The HR Employee Attrition project aimed to predict whether an employee is likely to leave the organization using historical employee data. The dataset contained both numerical features (like Age, DistanceFromHome, MonthlyIncome) and categorical features (like Department, JobRole, OverTime), which were appropriately preprocessed — numerical features were scaled, and categorical features were one-hot encoded.

The model used for prediction was AdaBoost Classifier, a robust ensemble learning technique that combines multiple weak learners to improve classification performance.
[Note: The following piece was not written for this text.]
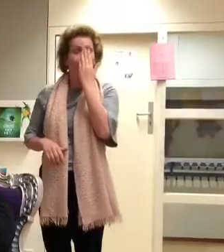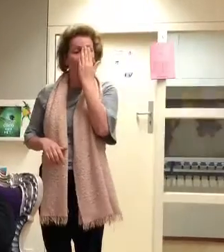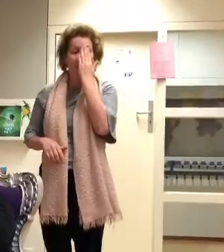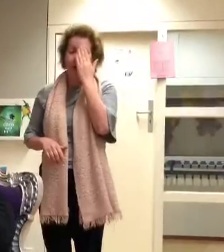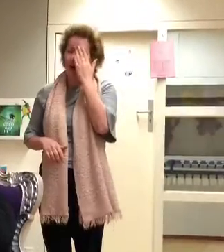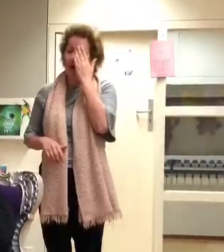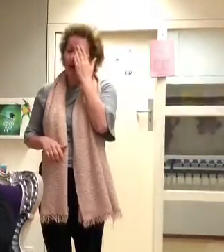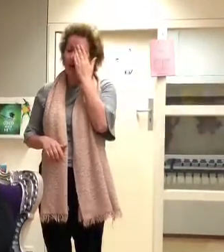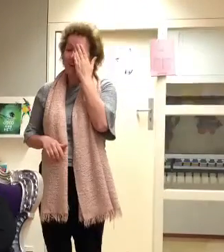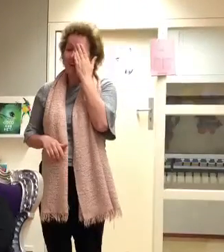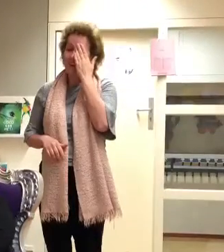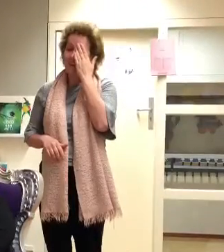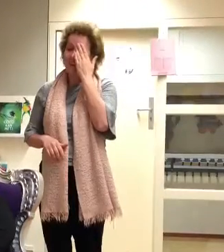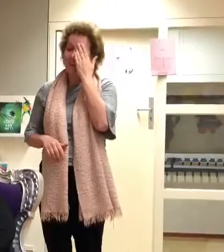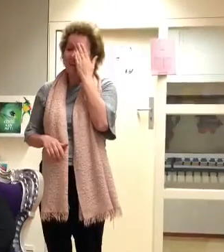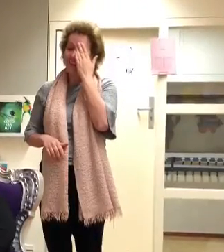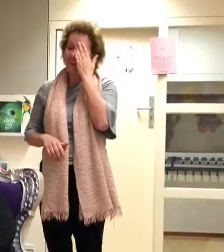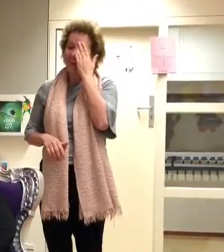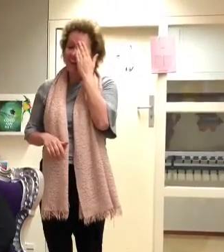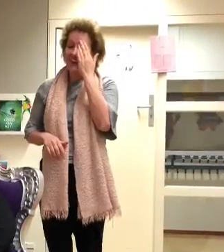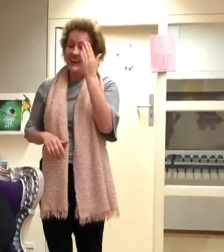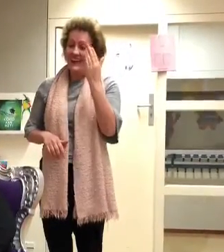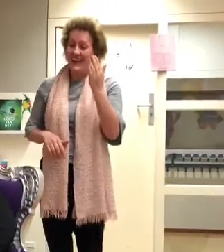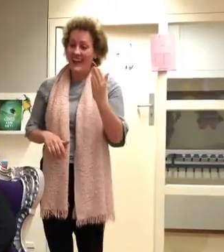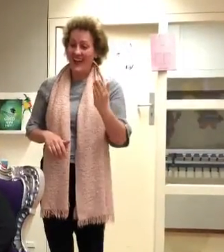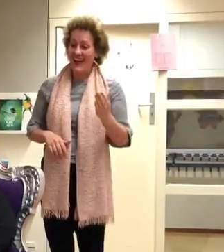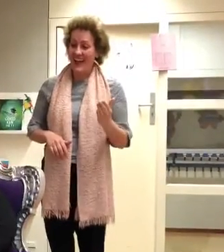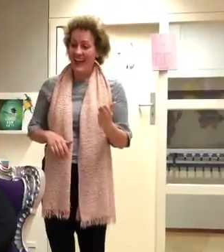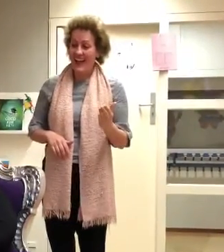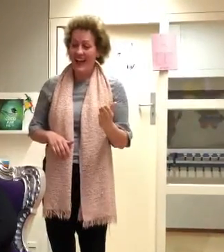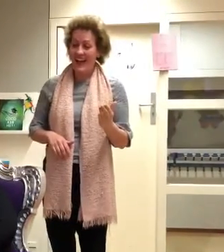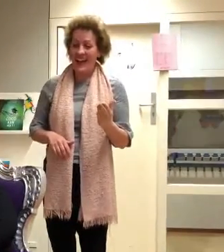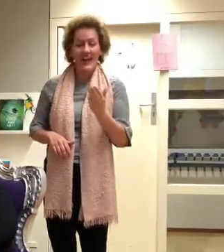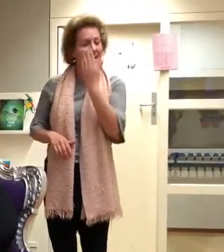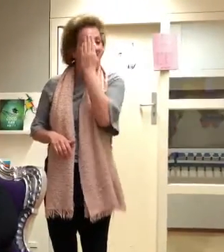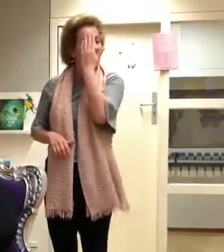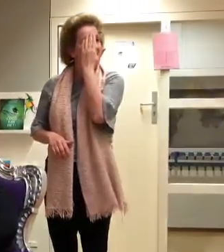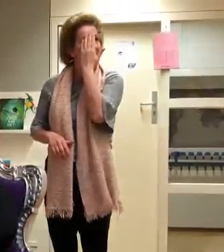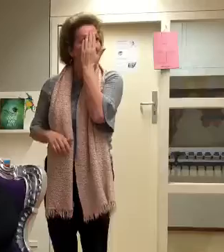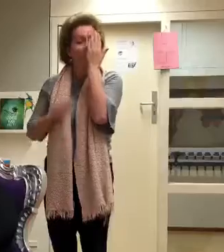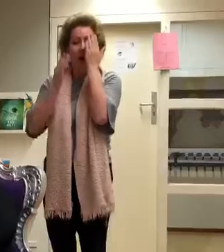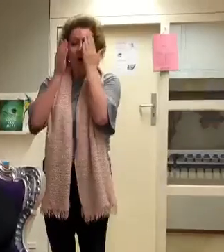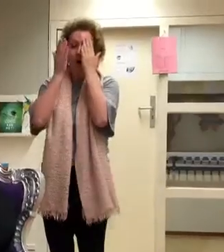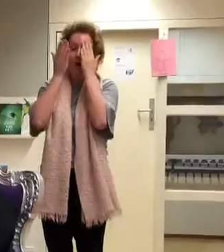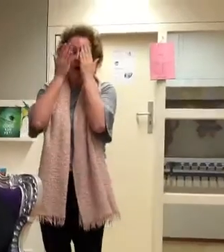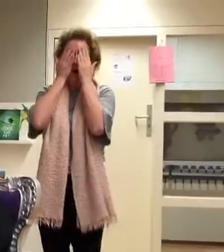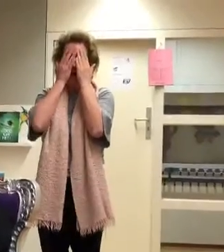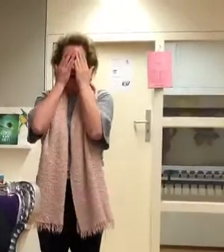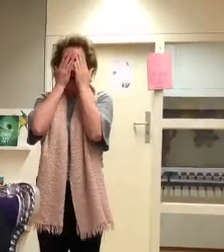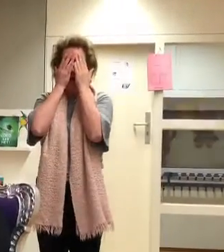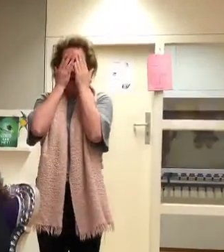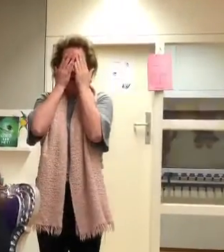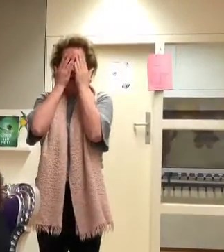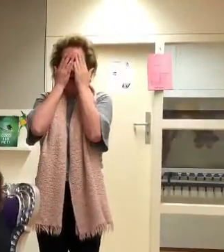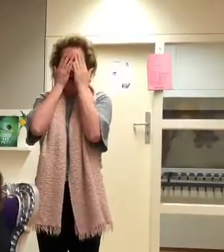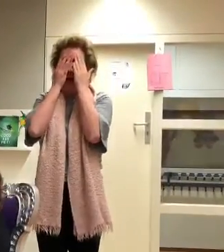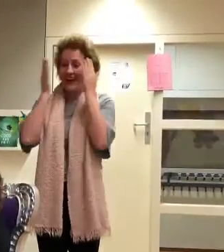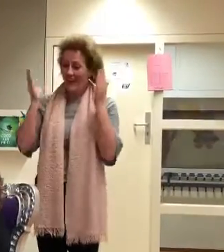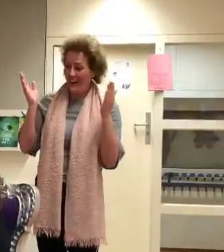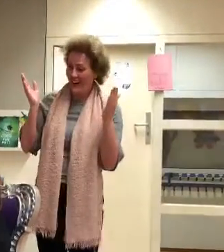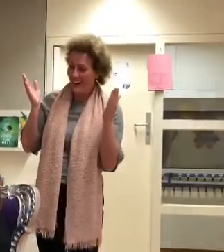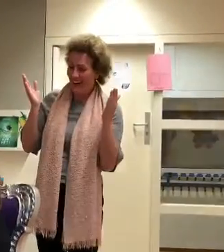mijn oog. Dag, oog! Ik geef een handje aan mijn andere oog. Dag, andere oog!

After training and testing the model:

The accuracy achieved was 86.4%, indicating that the model can correctly classify employees’ attrition status in the majority of cases.

The confusion matrix revealed that the model predicts employees who stay (non-attrition) very well but has some difficulty predicting actual attrition cases, which is typical in imbalanced datasets.

Overall, the model demonstrates that machine learning can be effectively leveraged to identify employees at risk of leaving, enabling HR departments to implement proactive retention strategies. Further improvements could include addressing class imbalance (e.g., using SMOTE), feature selection, and experimenting with other advanced models like XGBoost or Random Forest for potentially higher predictive performance.